The file pancake_orders.10M.csv.gz contains 10 million registers, with the following columns:

┌──────────────┬────────┬────────────┬────────────────┬─────────────┐
│      ts      │ price  │ item_count │ source_country │ coupon_code │
│   timestamp  │ double │   int64    │    varchar     │   varchar   │
├──────────────┼────────┼────────────┼────────────────┼─────────────┤
│ 16:36:19.794 │   3.85 │          1 │ BR             │ 501826      │
│ 16:49:30.072 │   6.36 │          4 │ PY             │ 2bd108      │
│ 16:51:26.371 │   6.36 │          1 │ MF             │ cfaed6      │
└──────────────┴────────┴────────────┴────────────────┴─────────────┘

Data file can be found here: pancake_orders.10M.csv.gz. Do not decompress it, DuckDB is able to read compressed files on the fly.

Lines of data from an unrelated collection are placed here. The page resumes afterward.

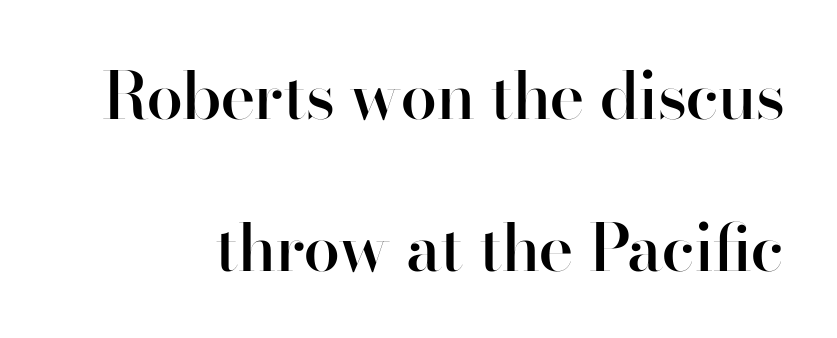
{"serif": "no", "italic": "no", "bold": "semi", "weight": "semibold", "width": "normal", "stroke_contrast": "high", "x_height": "small", "monospaced": "no", "underline": "no", "line_spacing": "loose", "line_spacing_ratio": 2.3, "letter_spacing": "normal", "letter_spacing_em": 0.0, "glyph_px": 66}
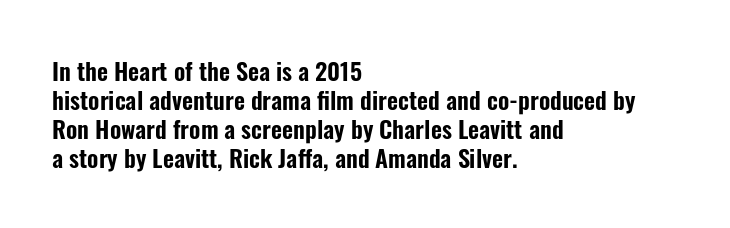
Q: Is the text italic (slanted)? A: No, it is upright.
Q: Is the text underlined? A: No.
Q: How is the paragraph aligned? A: Left-aligned.
Q: Is the spacing between letters normal or unusually wide? A: Normal.
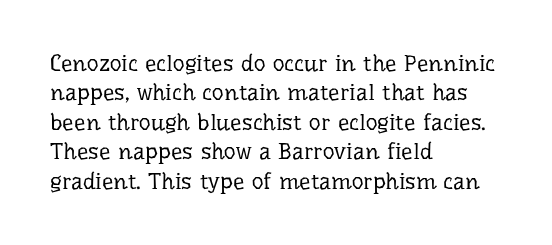
Q: Is the text bold? A: No.
Q: Is the text italic (slanted)? A: No, it is upright.
Q: Is the text underlined? A: No.
Q: How is the paragraph aligned? A: Left-aligned.
Q: Is the spacing between letters normal or unusually wide? A: Normal.
Q: Is the spacing between lines tight, normal or loose? A: Normal.
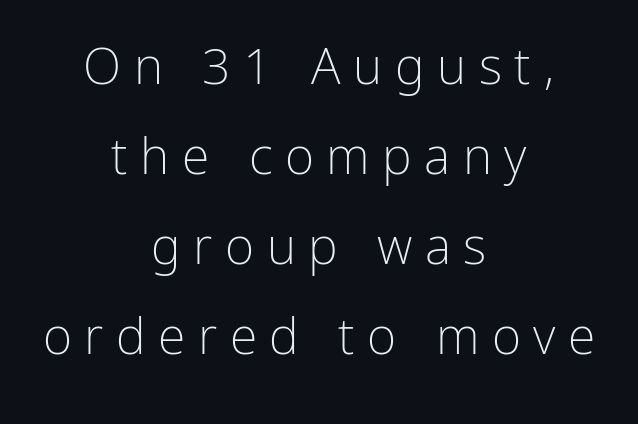
No heavy texture on the line: the type isn't bold. Centered paragraph, ragged on both sides. You can tell it's not italic because the verticals are truly vertical. Here the designer chose a conventional face with non-uniform glyph widths.
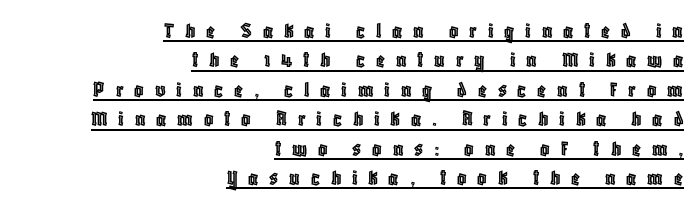
Q: Is the text italic (slanted)? A: No, it is upright.
Q: Is the text underlined? A: Yes.
Q: How is the paragraph aligned? A: Right-aligned.
Q: Is the spacing between letters normal or unusually wide? A: Unusually wide.
Q: Is the spacing between lines tight, normal or loose? A: Normal.
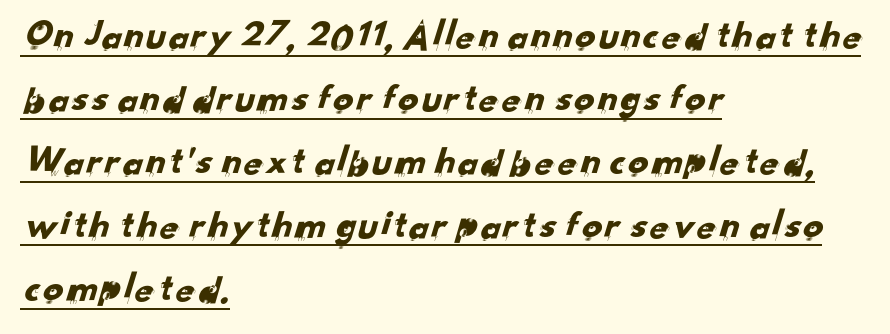
The image shows 40 px sans-serif type; set left-aligned, normal line spacing (1.58x), normal letter spacing, underlined; low stroke contrast and a small x-height.
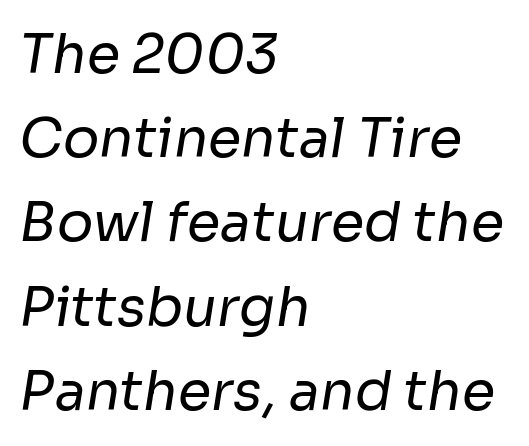
The rows are spaced the way most documents space them. Each letter's strokes conclude bluntly, with no projecting serifs. A light-to-regular cut is what we see here. Spacing verdict: proportional, widths tailored to each character.
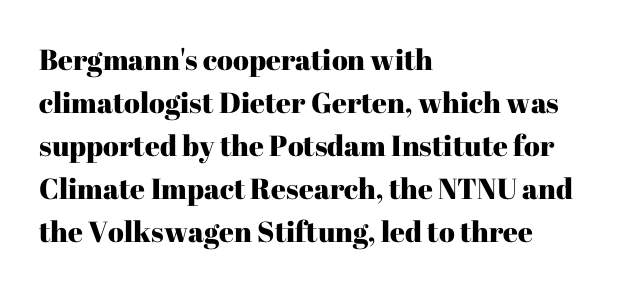
Each line starts at the same left margin while the right side varies. The passage shown stacks its lines at a standard gap. Honestly, the letter spacing is just normal — you wouldn't notice it. Letters rest on an invisible, unmarked baseline.
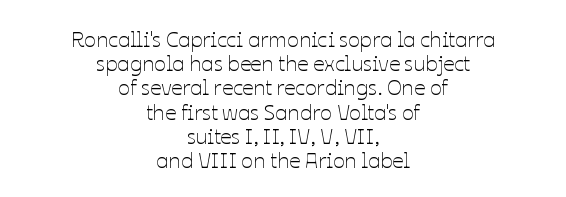
The image shows 22 px text type, upright; set centered, tight line spacing (1.1x), normal letter spacing, not underlined.
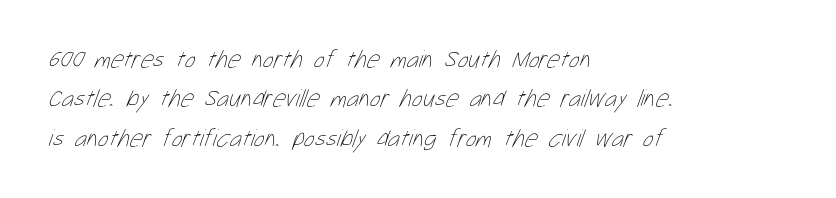
Descenders are the only things crossing below the line. Unbolded letterforms with no extra heft. The rows are spaced the way most documents space them. Where is the straight margin? On the left.

You are required to get the top-ten countries with more sales, mixing the data with countries.jsonl file. You can only use DuckDB, no external tooling.

curl -sX POST https://kitchen.luisbelloch.es/api/:team/e3 -d 'Namibia,299101.0800000052'

Optional: Try to query directly the CSV and also load the data into a some.duckdb file. Does the later make a difference in performance?

Optional: Save the results as Parquet and repeat the performance experiment.

🍣 Main: Marinated ClickHouse

Solve the exercise by sending the 5^th row (Peru), like in the previous exercise.

curl -sX POST https://kitchen.luisbelloch.es/api/:team/e4 -d 'Namibia,299101.0800000052'

🧁 Dessert: JQ salty rotten chocolate pudding

Using jq only, read the file sales.csv and produce a list the top-ten countries with most sales. Because reasons.

Food Allergy Warning: Please be advised that our food may have come in contact or contain unix nuts, terminal traces, bash fish or console peanuts.